FIG. 3 illustrates the posterior probability of the major genotype by locus. The true genotype for the major occurs 5356 times in the sample of 10,000. The posterior probability of the major genotype is 0.2135 and it has the highest posterior probability. Indeed the probability is 17 times higher than the next possibility (probability 0.0315).
FIG. 4 illustrates the posterior probability of the minor genotype by locus. In the case of two loci, vWA and D8, the dominant posterior probability was not the true genotype. Each of these loci has three peaks, with a major who is heterozygous and with heterozygous imbalance between the two major peaks. At each locus, the remaining small peak is correctly selected as belonging to the minor, but the programme will score a heterozygous genotype with the second allele taken from the largest peak more highly than homozygous from the same small peak or heterozygous with the second largest peak. The posterior probability of the true minor genotype is 0.0234 and it has the 6^{th }highest posterior probability. This compares with the most likely having a posterior probability of 0.0835. Thus the top combination is roughly 2.8 times more likely than the true combination. In practice, a threshold can be used to define a cut off where faith in the genotypes no longer applies. In this example, if combinations that were no more than 10 times less likely than the top were taken, then that would give 16 possibilities.
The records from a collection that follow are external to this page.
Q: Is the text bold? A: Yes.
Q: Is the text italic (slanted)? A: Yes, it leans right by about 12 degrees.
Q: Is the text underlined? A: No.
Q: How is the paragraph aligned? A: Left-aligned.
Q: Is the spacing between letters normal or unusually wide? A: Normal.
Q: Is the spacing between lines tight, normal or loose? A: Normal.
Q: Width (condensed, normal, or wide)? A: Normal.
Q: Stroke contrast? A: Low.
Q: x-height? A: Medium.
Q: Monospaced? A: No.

The above experimentation demonstrates that a method for probabilistically resolving mixed DNA profiles into a major and minor component has been achieved. Because the method is set up in a Bayesian framework it also allows inferences about the parameters which are believed to drive the mixing process to be made and a probabilistic assessment of the genotypes to be produced. This is an advance over the previous methodology.
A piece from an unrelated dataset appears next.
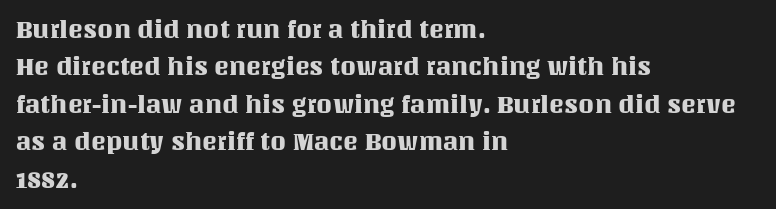
{"italic": "no", "underline": "no", "align": "left", "line_spacing": "normal", "line_spacing_ratio": 1.5, "letter_spacing": "normal", "letter_spacing_em": 0.0, "glyph_px": 25}
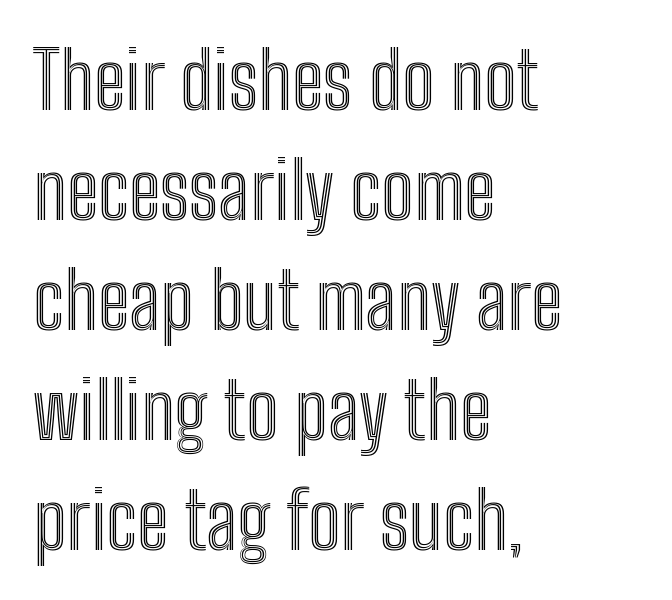
The compositor pushed each line to the left boundary. You can tell it's not italic because the verticals are truly vertical. Glance below the letters and you will spot only blank space. Tracking value appears to be zero — textbook default spacing.

To address the problem of heterozygous balance—heterozygous balance (Hb) is the phenomenon whereby there is a difference in the peak heights (and areas) of a heterozygous genotype even though the genetic material comes from one person—an expansion of the graphical model and hence of the likelihood consideration can be made. The technique of UK Patent Application No 0426579.9 filed 3 Dec. 2004 and/or 0506673.3 filed 1 Apr. 2005 and/or PCT/GB2005/004641 filed 5 Dec. 2005 and/or Gill et al “A graphical simulation model of the entire DNA process associated with the analysis of short tandem repeat loci.”, Nucleic Acids Research 33(2) (2005) 632-643 can be used to simulate a probability density function for Hb and this could be incorporated in the graphical model. The net result of this is that it would add some flexibility to the method in situations like those at locus vWA where the preferred genotype for the minor contributor is 15/17 as opposed to the true genotype of 15/18. 15/17 is favoured because there is more peak area in the peak 17 than 18. Inclusion of an Hb term would allow the possibility that 18 may have had more area if it wasn't for Hb.
In a similar way the method could also be extended to include stutter, preferential amplification, artefacts and more than two contributors to the mixture.